◆ **PROBLEM DESCRIPTION**:
The required output is the line that contains "0.0 s to 4.8" plus every line after it in the listing below, copied exactly as it appears.

+++

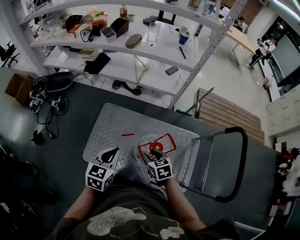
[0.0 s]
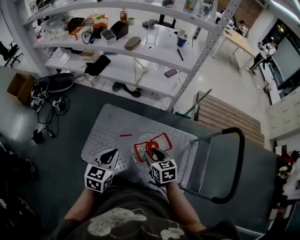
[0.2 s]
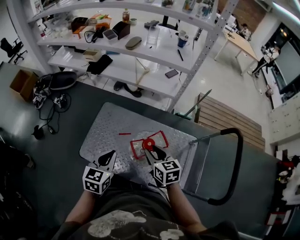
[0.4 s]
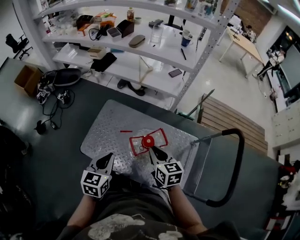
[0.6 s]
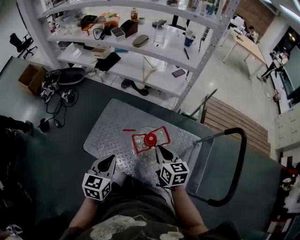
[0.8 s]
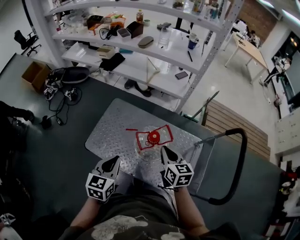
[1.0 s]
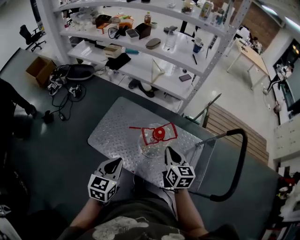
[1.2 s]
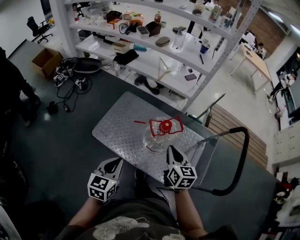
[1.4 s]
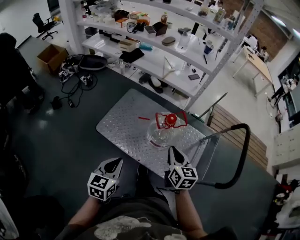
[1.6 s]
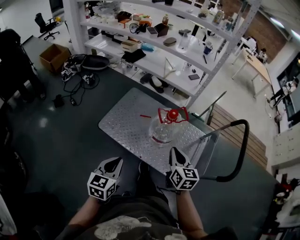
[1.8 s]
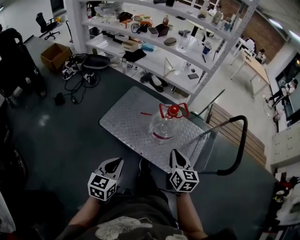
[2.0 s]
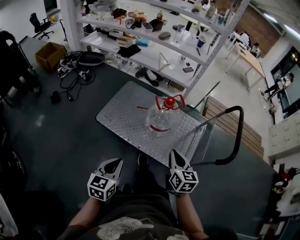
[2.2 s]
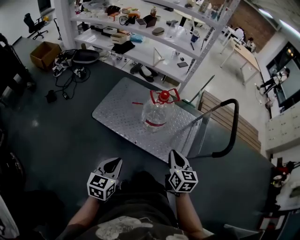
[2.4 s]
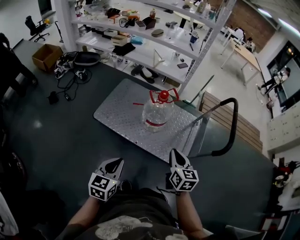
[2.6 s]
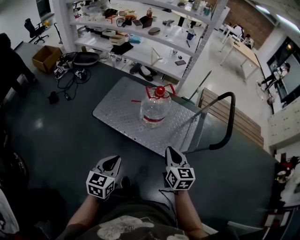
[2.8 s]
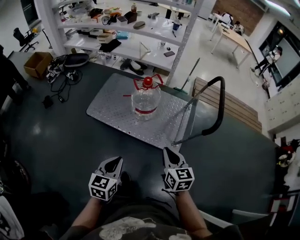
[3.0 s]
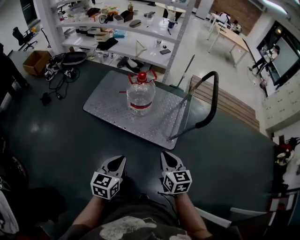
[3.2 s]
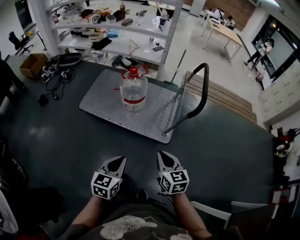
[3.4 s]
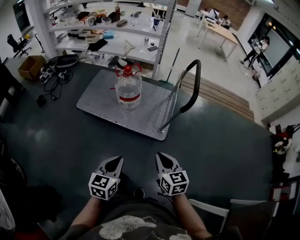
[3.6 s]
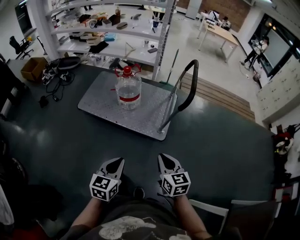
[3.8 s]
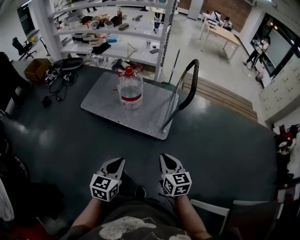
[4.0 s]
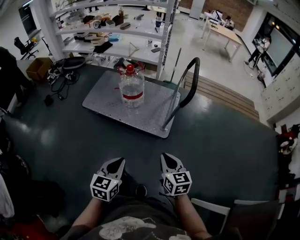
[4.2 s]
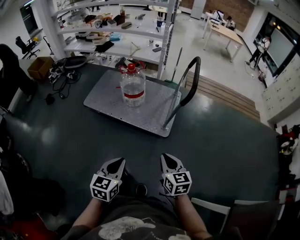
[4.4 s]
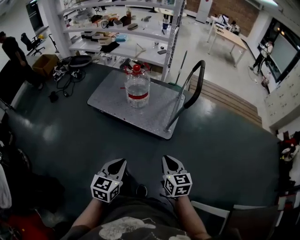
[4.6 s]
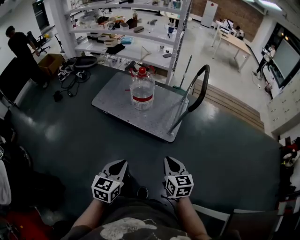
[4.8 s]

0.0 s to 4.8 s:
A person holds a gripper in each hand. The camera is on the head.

+++

◆ **ANSWER AREA**:
0.0 s to 4.8 s:
A person holds a gripper in each hand. The camera is on the head.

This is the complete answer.